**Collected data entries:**
Content starts

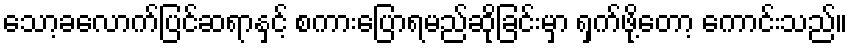
သော့ခလောက်ပြင်ဆရာနှင့် စကားပြောရမည်ဆိုခြင်းမှာ ရှက်ဖို့တော့ ကောင်းသည်။
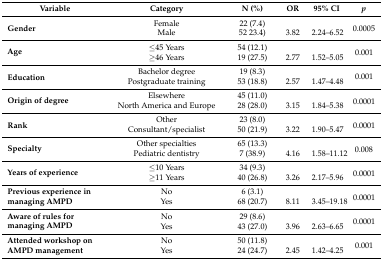
<table><thead><tr><td><b>Variable</b></td><td><b>Category</b></td><td><b>N (%)</b></td><td><b>OR</b></td><td><b>95% CI</b></td><td><b><i>p</i></b></td></tr></thead><tbody><tr><td rowspan="2"><b>Gender</b></td><td>Female</td><td>22 (7.4)</td><td></td><td></td><td rowspan="2">0.0005</td></tr><tr><td>Male</td><td>52 23.4)</td><td>3.82</td><td>2.24–6.52</td></tr><tr><td rowspan="2"><b>Age</b></td><td>≤45 Years</td><td>54 (12.1)</td><td></td><td></td><td rowspan="2">0.001</td></tr><tr><td>≥46 Years</td><td>19 (27.5)</td><td>2.77</td><td>1.52–5.05</td></tr><tr><td rowspan="2"><b>Education</b></td><td>Bachelor degree</td><td>19 (8.3)</td><td></td><td></td><td rowspan="2">0.001</td></tr><tr><td>Postgraduate training</td><td>53 (18.8)</td><td>2.57</td><td>1.47–4.48</td></tr><tr><td rowspan="2"><b>Origin of degree</b></td><td>Elsewhere</td><td>45 (11.0)</td><td></td><td></td><td rowspan="2">0.0001</td></tr><tr><td>North America and Europe</td><td>28 (28.0)</td><td>3.15</td><td>1.84–5.38</td></tr><tr><td rowspan="2"><b>Rank</b></td><td>Other</td><td>23 (8.0)</td><td></td><td></td><td rowspan="2">0.0001</td></tr><tr><td>Consultant/specialist</td><td>50 (21.9)</td><td>3.22</td><td>1.90–5.47</td></tr><tr><td rowspan="2"><b>Specialty</b></td><td>Other specialties</td><td>65 (13.3)</td><td></td><td></td><td rowspan="2">0.008</td></tr><tr><td>Pediatric dentistry</td><td>7 (38.9)</td><td>4.16</td><td>1.58–11.12</td></tr><tr><td rowspan="2"><b>Years of experience</b></td><td>≤10 Years</td><td>34 (9.3)</td><td></td><td></td><td rowspan="2">0.0001</td></tr><tr><td>≥11 Years</td><td>40 (26.8)</td><td>3.26</td><td>2.17–5.96</td></tr><tr><td rowspan="2"><b>Previous experience in managing AMPD</b></td><td>No</td><td>6 (3.1)</td><td></td><td></td><td rowspan="2">0.0001</td></tr><tr><td>Yes</td><td>68 (20.7)</td><td>8.11</td><td>3.45–19.18</td></tr><tr><td rowspan="2"><b>Aware of rules for managing AMPD</b></td><td>No</td><td>29 (8.6)</td><td></td><td></td><td rowspan="2">0.0001</td></tr><tr><td>Yes</td><td>43 (27.0)</td><td>3.96</td><td>2.63–6.65</td></tr><tr><td rowspan="2"><b>Attended workshop on AMPD management</b></td><td>No</td><td>50 (11.8)</td><td></td><td></td><td rowspan="2">0.001</td></tr><tr><td>Yes</td><td>24 (24.7)</td><td>2.45</td><td>1.42–4.25</td></tr></tbody></table>
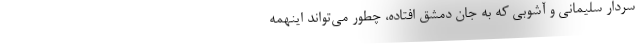
سردار سلیمانی و آشوبی که به جان دمشق افتاده، چطور می‌تواند اینهمه
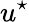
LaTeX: u^{\star}
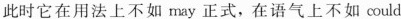
此时它在用法上不如may正式，在语气上不如could
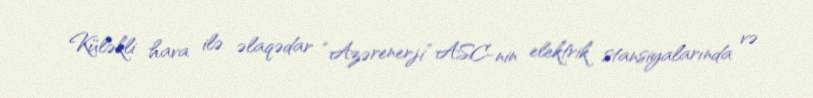
Küləkli hava ilə əlaqədar “Azərenerji” ASC-nin elektrik stansiyalarında və
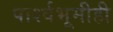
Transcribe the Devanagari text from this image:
पार्श्वभूमीही
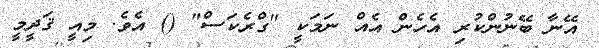
އޭނާ ބޭނުންކުރި އެހެން އެއް ނަމަކީ "ގްރެކަސް" () އެވެ. މިއީ ޤަދީމީ
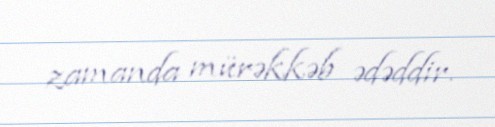
zamanda mürəkkəb ədəddir.
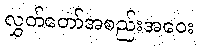
လွှတ်တော်အစည်းအဝေး
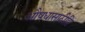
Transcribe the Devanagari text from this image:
औषधासाठीहि
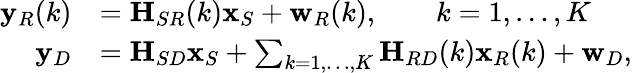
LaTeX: \begin{array}{rl}{{\mathbf y}_{R}(k)}&{={\textbf H}_{SR}(k){\mathbf x}_{S}+{\mathbf w}_{R}(k),\qquad k=1,\ldots,K}\\ {{\mathbf y}_{D}}&{={\textbf H}_{SD}{\mathbf x}_{S}+\sum_{k=1,\dots,K}{\textbf H}_{RD}(k){\mathbf x}_{R}(k)+{\mathbf w}_{D},}\end{array}

Content ends

**What is required:** The data is to be printed again exactly, but without its pictures.

**Exercise answer:**
သော့ခလောက်ပြင်ဆရာနှင့် စကားပြောရမည်ဆိုခြင်းမှာ ရှက်ဖို့တော့ ကောင်းသည်။
<table><thead><tr><td><b>Variable</b></td><td><b>Category</b></td><td><b>N (%)</b></td><td><b>OR</b></td><td><b>95% CI</b></td><td><b><i>p</i></b></td></tr></thead><tbody><tr><td rowspan="2"><b>Gender</b></td><td>Female</td><td>22 (7.4)</td><td></td><td></td><td rowspan="2">0.0005</td></tr><tr><td>Male</td><td>52 23.4)</td><td>3.82</td><td>2.24–6.52</td></tr><tr><td rowspan="2"><b>Age</b></td><td>≤45 Years</td><td>54 (12.1)</td><td></td><td></td><td rowspan="2">0.001</td></tr><tr><td>≥46 Years</td><td>19 (27.5)</td><td>2.77</td><td>1.52–5.05</td></tr><tr><td rowspan="2"><b>Education</b></td><td>Bachelor degree</td><td>19 (8.3)</td><td></td><td></td><td rowspan="2">0.001</td></tr><tr><td>Postgraduate training</td><td>53 (18.8)</td><td>2.57</td><td>1.47–4.48</td></tr><tr><td rowspan="2"><b>Origin of degree</b></td><td>Elsewhere</td><td>45 (11.0)</td><td></td><td></td><td rowspan="2">0.0001</td></tr><tr><td>North America and Europe</td><td>28 (28.0)</td><td>3.15</td><td>1.84–5.38</td></tr><tr><td rowspan="2"><b>Rank</b></td><td>Other</td><td>23 (8.0)</td><td></td><td></td><td rowspan="2">0.0001</td></tr><tr><td>Consultant/specialist</td><td>50 (21.9)</td><td>3.22</td><td>1.90–5.47</td></tr><tr><td rowspan="2"><b>Specialty</b></td><td>Other specialties</td><td>65 (13.3)</td><td></td><td></td><td rowspan="2">0.008</td></tr><tr><td>Pediatric dentistry</td><td>7 (38.9)</td><td>4.16</td><td>1.58–11.12</td></tr><tr><td rowspan="2"><b>Years of experience</b></td><td>≤10 Years</td><td>34 (9.3)</td><td></td><td></td><td rowspan="2">0.0001</td></tr><tr><td>≥11 Years</td><td>40 (26.8)</td><td>3.26</td><td>2.17–5.96</td></tr><tr><td rowspan="2"><b>Previous experience in managing AMPD</b></td><td>No</td><td>6 (3.1)</td><td></td><td></td><td rowspan="2">0.0001</td></tr><tr><td>Yes</td><td>68 (20.7)</td><td>8.11</td><td>3.45–19.18</td></tr><tr><td rowspan="2"><b>Aware of rules for managing AMPD</b></td><td>No</td><td>29 (8.6)</td><td></td><td></td><td rowspan="2">0.0001</td></tr><tr><td>Yes</td><td>43 (27.0)</td><td>3.96</td><td>2.63–6.65</td></tr><tr><td rowspan="2"><b>Attended workshop on AMPD management</b></td><td>No</td><td>50 (11.8)</td><td></td><td></td><td rowspan="2">0.001</td></tr><tr><td>Yes</td><td>24 (24.7)</td><td>2.45</td><td>1.42–4.25</td></tr></tbody></table>
سردار سلیمانی و آشوبی که به جان دمشق افتاده، چطور می‌تواند اینهمه
LaTeX: u^{\star}
此时它在用法上不如may正式，在语气上不如could
Küləkli hava ilə əlaqədar “Azərenerji” ASC-nin elektrik stansiyalarında və
Transcribe the Devanagari text from this image:
पार्श्वभूमीही
އޭނާ ބޭނުންކުރި އެހެން އެއް ނަމަކީ "ގްރެކަސް" () އެވެ. މިއީ ޤަދީމީ
zamanda mürəkkəb ədəddir.
လွှတ်တော်အစည်းအဝေး
Transcribe the Devanagari text from this image:
औषधासाठीहि
LaTeX: \begin{array}{rl}{{\mathbf y}_{R}(k)}&{={\textbf H}_{SR}(k){\mathbf x}_{S}+{\mathbf w}_{R}(k),\qquad k=1,\ldots,K}\\ {{\mathbf y}_{D}}&{={\textbf H}_{SD}{\mathbf x}_{S}+\sum_{k=1,\dots,K}{\textbf H}_{RD}(k){\mathbf x}_{R}(k)+{\mathbf w}_{D},}\end{array}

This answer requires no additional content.